如意棒を思いきり、男の〝すね〟に向かって振り抜いてやった。

「いっ、ぎゃ、がああああ!」

走ってきた勢いもあって男は思い切り前に転ぶ。

それだけでも痛いだろうに鉄の棒で、しこたま、すねを打たれては、たまったものじゃあるまい。

「おい、何をしていやがる、バカが!」

続いて二人目の男が壊れた扉から飛び込んできたので。

「アチャアアアア!」

「うぎゃっぱ!?」

今度は、お腹を思いきり殴り、男は扉の向こうへ吹っ飛んでいく!

「あはは! 入れ食い、入れ食い!」

お師匠様、こいつらは悪い奴らです! ここで如意棒をしこたま食らわせてやりますよ!

これぞ、お師匠様の教え通り!

私は扉から打って出る。透明のままで。

連中からすれば悪夢のようだろう。

飛び回る赤い妖精たちが暴れ、さらに透明の暴れん坊がいるのだ。

情状酌量の余地なし!

すねを打たれて、のたうち回っている男の服を如意棒の端にひっかける。

「はいっ!」

「うわぁああああッ!?」

力任せに男をぶん投げて、家具を巻き込みながら吹っ飛んでいく!

「うわぁあ! なんなんだ!」

「「「「ウッキィーーー!」」」」

ミニ・カーマインたちと連携し、暴れ回る、暴れ回る!

だいたい片付いたかなぁ、と。あとは彼女たちを連れていくだけ。

そう思ったところで──。

「……オラァアアッ!」

ドガッ!

「きゃっ!?」

アジトの正面、玄関扉が謎の怒声とともに吹っ飛ばされた!?

「な、何……!?」

壊れた玄関の向こうに立っていたのは、見知らぬ男性だ。

「…… 臭う(・・) なぁ、おい」

野性味溢れるというか、アジトにいた他の連中と比べると圧倒的な美形。

しかし彼らの頭目というには、かなり若いように見える男。ヴィルヘルムと同年代くらいか。
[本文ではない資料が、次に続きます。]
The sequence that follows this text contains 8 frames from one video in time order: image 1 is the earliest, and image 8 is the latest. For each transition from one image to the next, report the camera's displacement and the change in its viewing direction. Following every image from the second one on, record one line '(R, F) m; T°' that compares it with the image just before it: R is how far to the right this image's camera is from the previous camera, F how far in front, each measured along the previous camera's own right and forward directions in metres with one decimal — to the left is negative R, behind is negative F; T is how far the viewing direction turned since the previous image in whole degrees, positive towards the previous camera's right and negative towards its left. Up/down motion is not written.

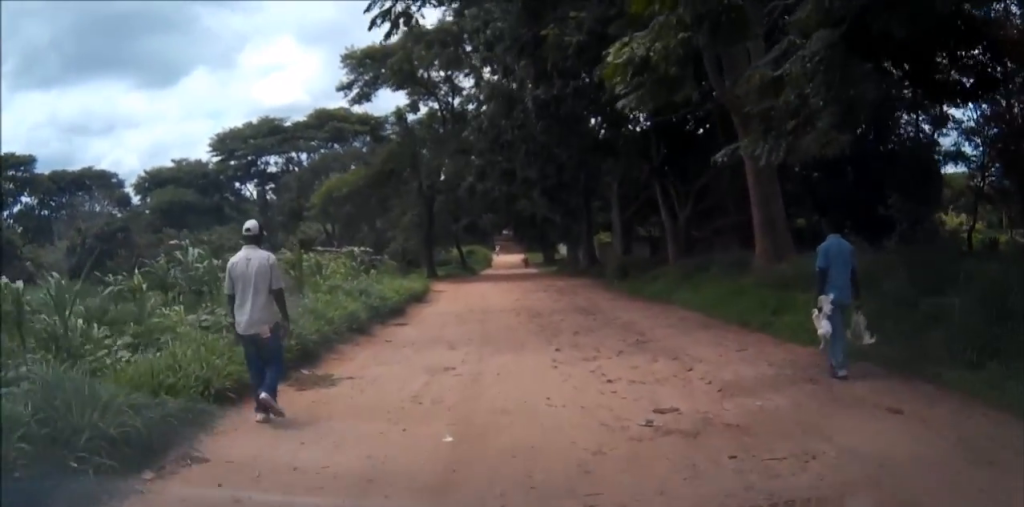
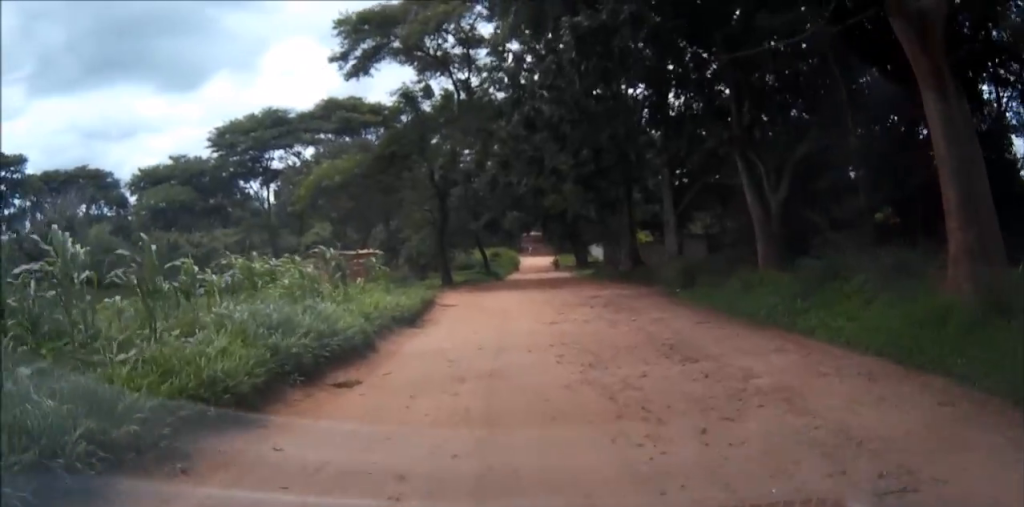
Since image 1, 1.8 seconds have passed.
(-0.3, +7.1) m; -6°
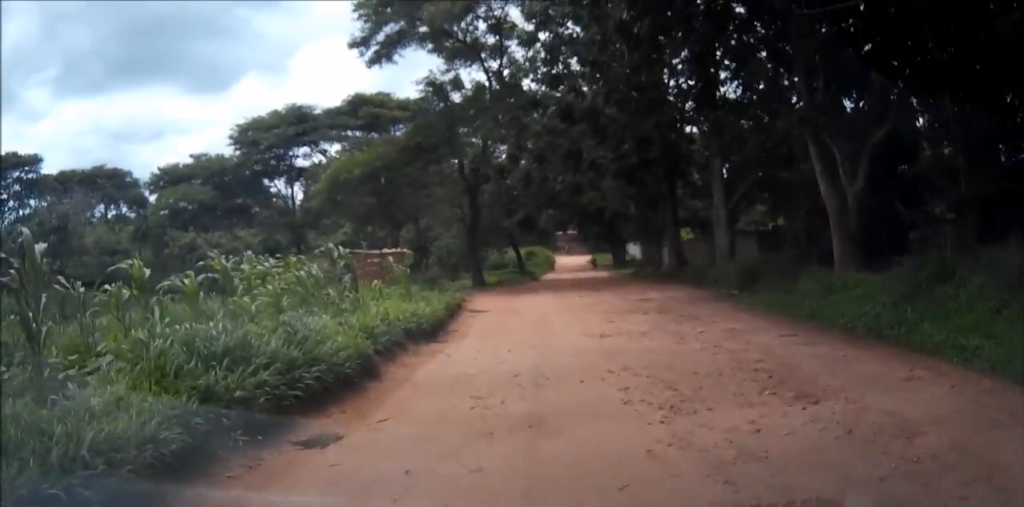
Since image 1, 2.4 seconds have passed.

その謎のワイルドマンが、鼻をクンクンとひくつかせたかと思うと。

「そこだッ!」

「えっ!?」

一直線に私に向かって突進してきた!?

今の私、透明になっているのに!?

男が背負っていた黒い槍を引き抜き、思いきり振り被る。

完全に私を狙っている!

「オラァッ!」

「くっ!」

ガキィイイン!

咄嗟に如意棒を横向きにし、謎の男性の槍の一撃を受け止めた。

その途端に解けてしまう私の透明化。

「へっ、やっぱりな。 臭った通り(・・・・・) だ」

不敵に笑う目の前の男性。

私は、あまりにも突然のできごとに理解が追いつかなかった。